Я насторожился и стал напряженно вслушиваться. Неужели, как уже не раз случалось, я услышу не только одну, но и другую сторону семейных недоразумений? Лев Исаакович заметил, покосился на меня из глубины своего кресла и продолжал: «По-вашему, жажда признания — чувство низменное, истина моя сама за себя постоит! А мой жизненный опыт, да и всеобщий, учит, что истина есть самое хрупкое создание на нашей планете. Того и гляди — разлетится на мелкие осколки. Значит, надо за нее заступаться, даже если это и унизительно… Да, в одном вы правы, писательство — промысел низкий, но когда оно служит истине, стоит и с толпой смешаться. А вы вот все гейдельбергской точности добиваетесь… Вычисление бесконечно малых… Категорический императив[761]
… Чтобы ризы без единого пятнышка! Я ведь вас помню молодым студентом — каким были, таким и остались. Это у вас прирожденный ритуализм — кошерная пища: чтобы мясо было обескровлено и посолено и чтобы, не дай бог, не попала в мясной суп капля молока… Как хотите, но будь вы моим сыном (а ведь по возрасту могли бы быть!), я бы столкнул вас со стези праведной. Но что говорить! Теперь уж, вероятно, поздно, да и я сам уже не советник самому себе.
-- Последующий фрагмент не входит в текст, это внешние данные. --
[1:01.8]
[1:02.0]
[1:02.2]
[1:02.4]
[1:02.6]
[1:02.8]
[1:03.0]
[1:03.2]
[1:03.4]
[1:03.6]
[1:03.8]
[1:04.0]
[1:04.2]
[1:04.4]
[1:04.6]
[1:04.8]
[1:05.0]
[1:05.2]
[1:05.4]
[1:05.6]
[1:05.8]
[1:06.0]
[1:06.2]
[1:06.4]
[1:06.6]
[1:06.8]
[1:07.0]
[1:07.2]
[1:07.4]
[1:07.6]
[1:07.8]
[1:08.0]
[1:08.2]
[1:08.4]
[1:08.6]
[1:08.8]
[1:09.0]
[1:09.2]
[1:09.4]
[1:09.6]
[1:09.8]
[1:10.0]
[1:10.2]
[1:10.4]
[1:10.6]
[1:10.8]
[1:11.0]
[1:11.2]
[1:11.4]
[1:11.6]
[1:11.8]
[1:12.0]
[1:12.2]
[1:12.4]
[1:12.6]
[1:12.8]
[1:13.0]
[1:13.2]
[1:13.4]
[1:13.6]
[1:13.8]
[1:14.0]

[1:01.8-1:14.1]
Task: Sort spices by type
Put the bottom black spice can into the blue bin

Вот, к примеру, Палестина…»Чуть ли не четыре десятилетия прошли с того дня «чашки чая» — чашки, так сказать, мира и понимания между нами, но и теперь, каждый раз, когда внимание мое обращается туда, в ту комнату с раскрытым окном в пустующий сад, я ясно вижу в зеркале оконного стекла округленные серо-синие глаза Льва Исааковича, с их устремленным на меня ласковым, приглядывающимся взглядом: «Да, Палестина… Вот посоветуйте, ехать или не ехать? Меня усиленно приглашают — лекционное турне и тому подобное. Гонорар совсем незначительный, да еще предупреждают, чтобы я запасся собственным костюмом для официальных приемов. Для меня просто лишний расход[762]
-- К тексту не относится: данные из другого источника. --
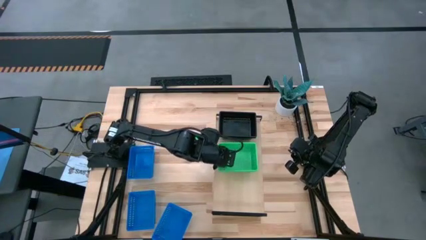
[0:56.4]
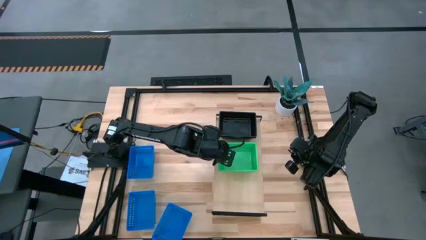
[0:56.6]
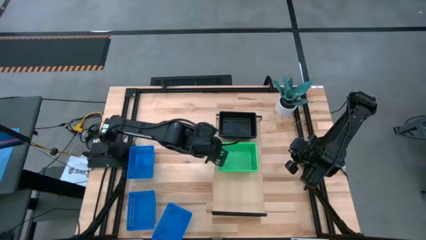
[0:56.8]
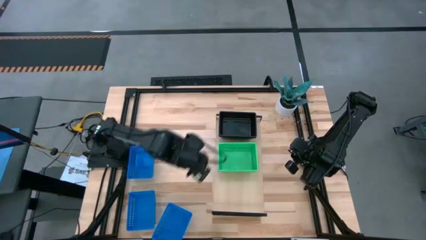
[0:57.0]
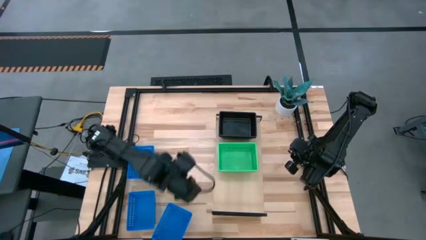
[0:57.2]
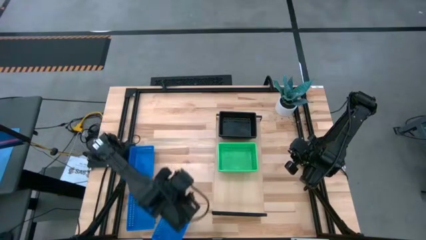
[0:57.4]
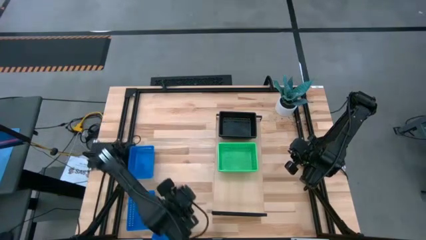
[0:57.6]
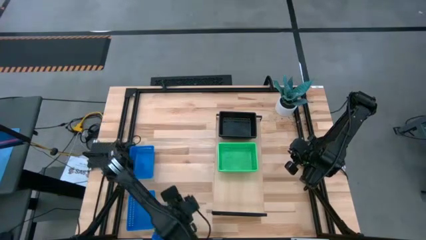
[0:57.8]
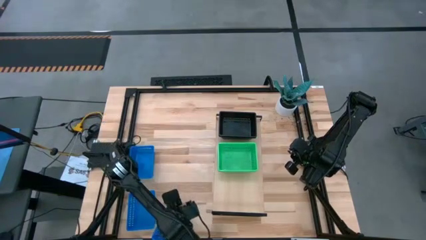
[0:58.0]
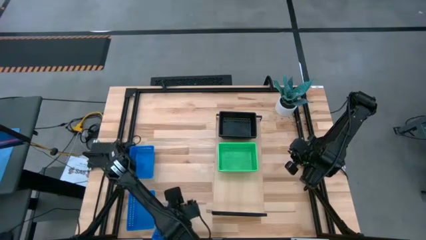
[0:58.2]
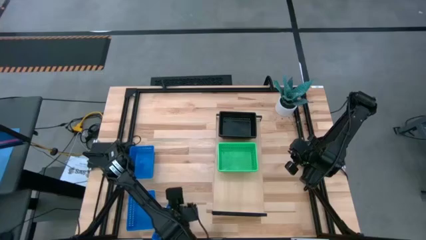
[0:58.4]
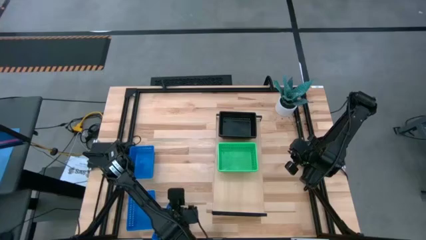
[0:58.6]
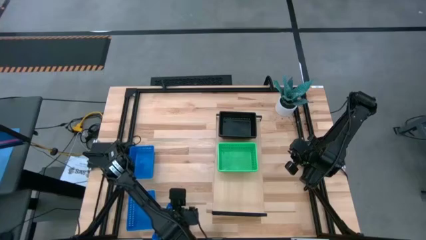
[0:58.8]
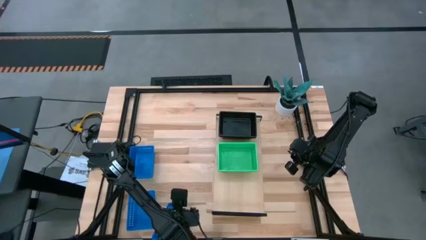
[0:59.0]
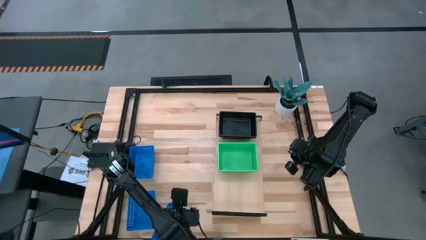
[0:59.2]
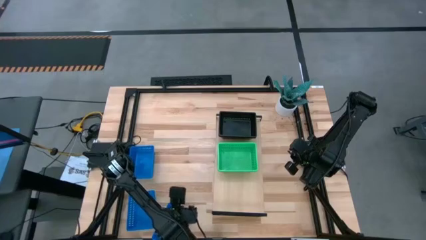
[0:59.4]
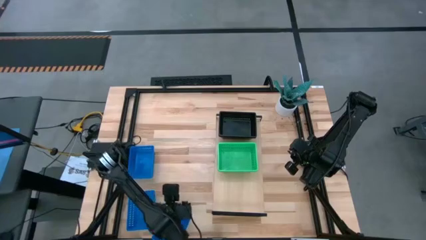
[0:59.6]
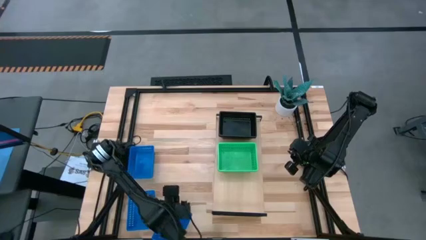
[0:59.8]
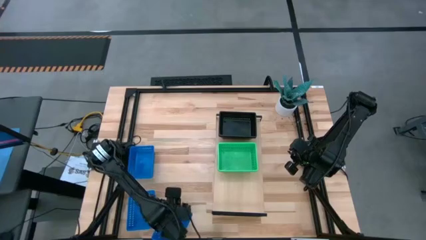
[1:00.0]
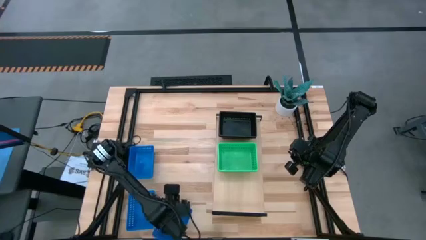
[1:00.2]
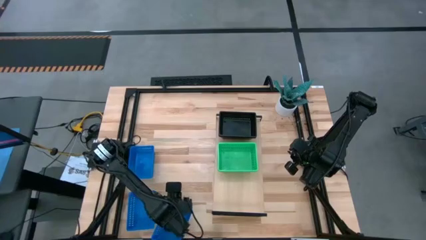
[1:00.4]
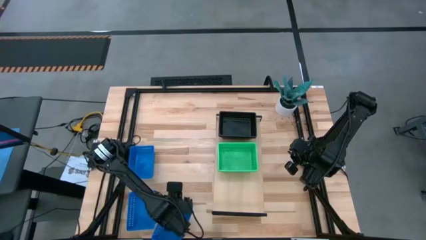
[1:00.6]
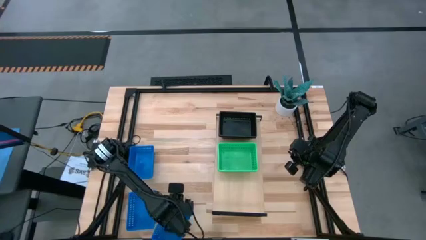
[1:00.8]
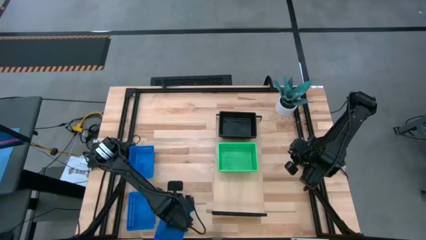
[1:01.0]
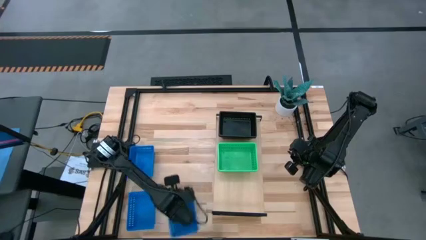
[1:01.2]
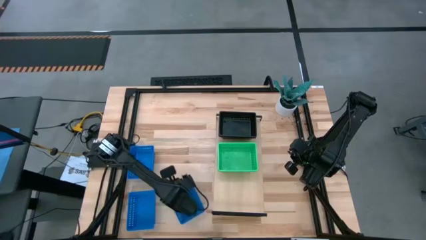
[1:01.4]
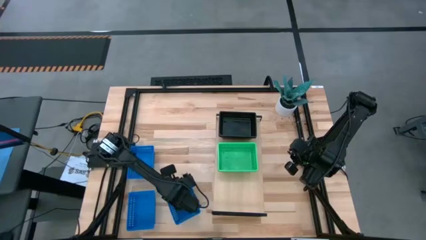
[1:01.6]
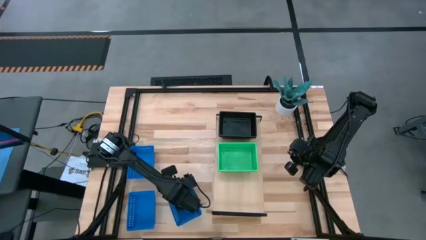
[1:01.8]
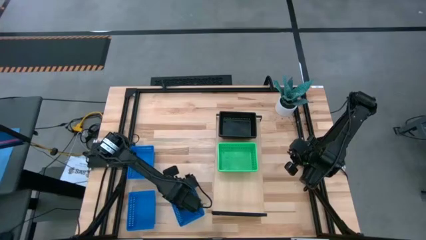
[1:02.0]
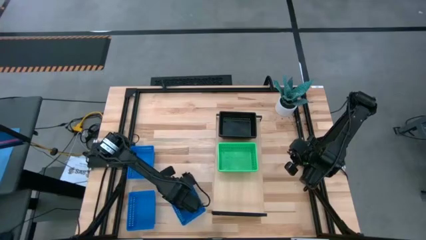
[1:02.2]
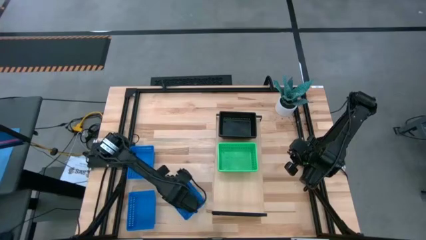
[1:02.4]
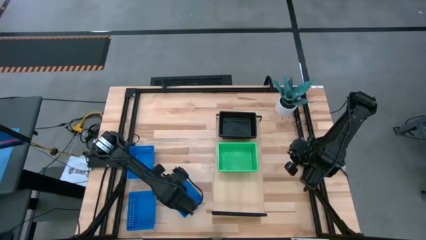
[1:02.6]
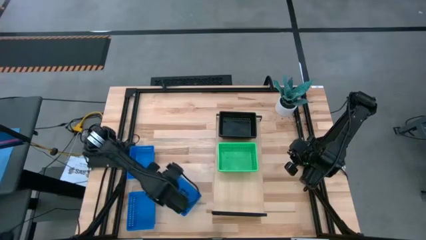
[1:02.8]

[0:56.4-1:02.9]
Task: Stack baskets on shelf by color
Put the bottom right blue bin on the shelf

. Пишет мне церемониймейстер английских властей. Пишет по-русски, но совсем как иностранец. Может быть, вы знаете, кто это? Фамилия — Гордон. Иошуа Гордон, так и подписывается»[763].Я рассмеялся: «Как не знать?» И тут же дал Шестову послужной список палестинского «шефа протокола», отпрыска хасидской семьи из Ковно и моего сотоварища по Гейдельбергу, учившегося театральному искусству у знаменитого берлинского режиссера Макса Рейнгардта и ставшего впоследствии, во время войны 1914 года, директором еврейского театра в Нью-Йорке.
«Вот видите, — прервал меня заулыбавшийся Лев Исаакович, — опять театр. Без Плевицкой, очевидно, не обойдешься. Приятель ваш очень меня торопит и просит телеграфировать — да или нет. Опять лишний расход. Вы на моем месте, пожалуй, дали бы телеграмму, что за неимением смокинга не смогу приехать, а? А я вот не знаю».
Лицо его стало серьезным, озабоченным. Я воспользовался стечением обстоятельств, чтобы высказаться до конца. В неосознанном стремлении подвести общий итог всего, чем был и стал для меня в течение двадцати лет Шестов, я сжал свой «совет» в формулы, извлеченные из шестовской же алгебры. Наконец-то я как будто постиг ее и уже не сомневался, что и я, в свою очередь, не буду понят превратно. И мне, и Льву Исааковичу было не до шуток. «Палестина для вас, как и для меня, — начал я, слегка волнуясь, — Святая Земля». Он утвердительно кивнул головой. «Двадцать лет тому назад, — продолжал я, — вы чувствовали иначе. Тогда вам казалось, что, почитая домашних пенатов, вы заслужили право не считаться с назойливыми превратностями народной судьбы». Лев Исаакович никак не отозвался, лишь несколько брезгливо повел плечом. Я разошелся: «Вы добивались славы, сначала всероссийской, а затем и всемирной, под псевдонимом». — «Говорите, говорите», — торопил меня, приподняв плечи, Лев Исаакович. «Но псевдоним есть, простите, синоним, — вставил я торопясь, — синоним предательства собственного имени. Вы за ценой не стояли и прославились даже здесь в Германии, став твердою ногою около Гете и Шиллера в веймарском архиве имени Ницше[764]
. И все это, скрывая иудея под покровом эллина».